[Exercise directions] Copy nothing but the text: reproduce each line of the listing exactly and leave the pictures out.
------ Listed records
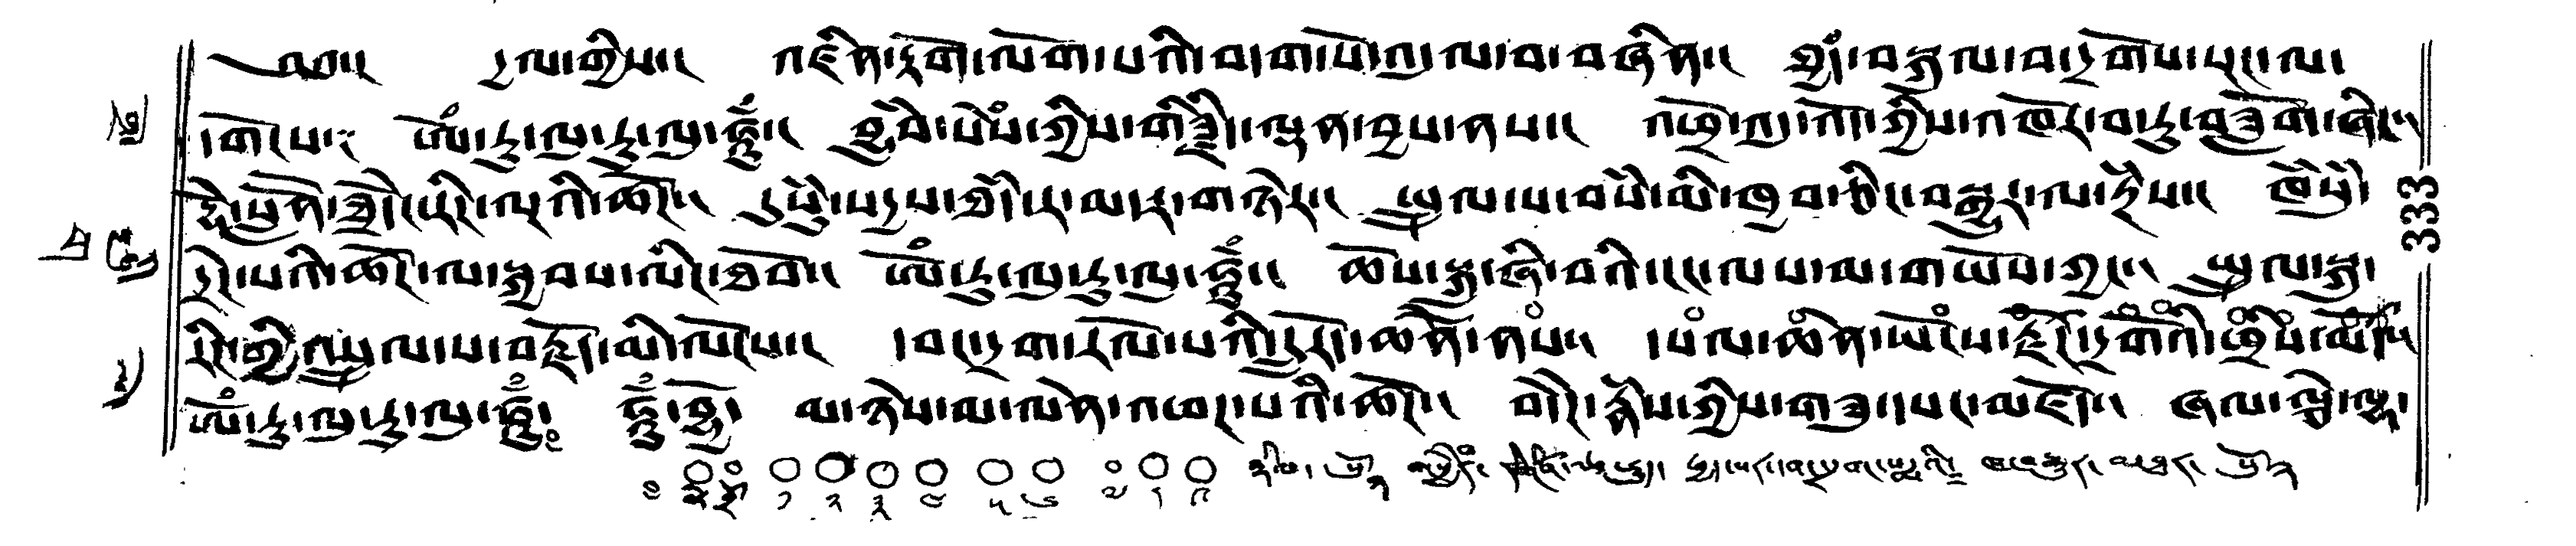རྒྱལ་གྱིས། །འཛིན་རྟོག་ལོག་པའི་བདག་པོ་འདུལ་བ་བཞིན། །ཐུགས་དམ་བསྐུལ་བས་དྲག་པོ་སྔགས་ལ་
དགོངས།ཨོཾ་རུ་ལུ་རུ་ལུ་ཧཱུྂ། བྱང་ཆུབ་སེམས་ཀྱིས་གཟི་བརྗིད་ལྡན་བྱས་ནས། །འཕྲོ་འདུ་འོད་ཀྱིས་འཁོར་བ་རུ་བཟློག་ཞིང་། །
རྡོ་རྗེ་སློབ་དཔོན་ཐོད་ཕྲེང་རིགས་ལྔའི་ཚོགས། །དུས་གསུམ་སངས་རྒྱས་ཐམས་ཅད་ར་མདར་གཉེར། །སྤྲུལ་པ་བསམ་མི་ཁྱབ་ཅིང་བསྒྱུར་ལ་རྔམས། ཁམས་གསུམ་
དྲེགས་པའི་ཚོགས་ལ་སྐྱབས་ལིང་ཐོབ། ཨོཾ་རུ་ལུ་རུ་ལུ་ཧཱུྃ། ཆོས་སྐུ་ཞི་བའི་ངང་ལས་མ་གཡོས་ཀྱང་། །སྤྲུལ་སྐུ་
རིགས་ཀྱི་སྤྲུལ་པ་བརྗོད་མི་ལངས། །དབང་དྲག་རོལ་པའི་དུར་ཁྲོད་ཆེན་པོ་ནས། །དཔལ་ཆེན་ཡོངས་རྫོགས་དྲག་པོའི་ཕྲིན་ལས་མཛོད། 
ཨོཾ་རུ་ལུ་རུ་ལུ་ཧཱུྃ། ཧཱུྃ་བྷྱོ། མ་ཉེས་མ་ལེན་འཕགས་པའི་ཚོགས། །བདེ་གཤེགས་རྣམས་ཀྱིས་གཟུ་དཔང་མཛོད། །ཞལ་ལྕེ་ལྷ་
------------
[Solved problem]
རྒྱལ་གྱིས། །འཛིན་རྟོག་ལོག་པའི་བདག་པོ་འདུལ་བ་བཞིན། །ཐུགས་དམ་བསྐུལ་བས་དྲག་པོ་སྔགས་ལ་
དགོངས།ཨོཾ་རུ་ལུ་རུ་ལུ་ཧཱུྂ། བྱང་ཆུབ་སེམས་ཀྱིས་གཟི་བརྗིད་ལྡན་བྱས་ནས། །འཕྲོ་འདུ་འོད་ཀྱིས་འཁོར་བ་རུ་བཟློག་ཞིང་། །
རྡོ་རྗེ་སློབ་དཔོན་ཐོད་ཕྲེང་རིགས་ལྔའི་ཚོགས། །དུས་གསུམ་སངས་རྒྱས་ཐམས་ཅད་ར་མདར་གཉེར། །སྤྲུལ་པ་བསམ་མི་ཁྱབ་ཅིང་བསྒྱུར་ལ་རྔམས། ཁམས་གསུམ་
དྲེགས་པའི་ཚོགས་ལ་སྐྱབས་ལིང་ཐོབ། ཨོཾ་རུ་ལུ་རུ་ལུ་ཧཱུྃ། ཆོས་སྐུ་ཞི་བའི་ངང་ལས་མ་གཡོས་ཀྱང་། །སྤྲུལ་སྐུ་
རིགས་ཀྱི་སྤྲུལ་པ་བརྗོད་མི་ལངས། །དབང་དྲག་རོལ་པའི་དུར་ཁྲོད་ཆེན་པོ་ནས། །དཔལ་ཆེན་ཡོངས་རྫོགས་དྲག་པོའི་ཕྲིན་ལས་མཛོད། 
ཨོཾ་རུ་ལུ་རུ་ལུ་ཧཱུྃ། ཧཱུྃ་བྷྱོ། མ་ཉེས་མ་ལེན་འཕགས་པའི་ཚོགས། །བདེ་གཤེགས་རྣམས་ཀྱིས་གཟུ་དཔང་མཛོད། །ཞལ་ལྕེ་ལྷ་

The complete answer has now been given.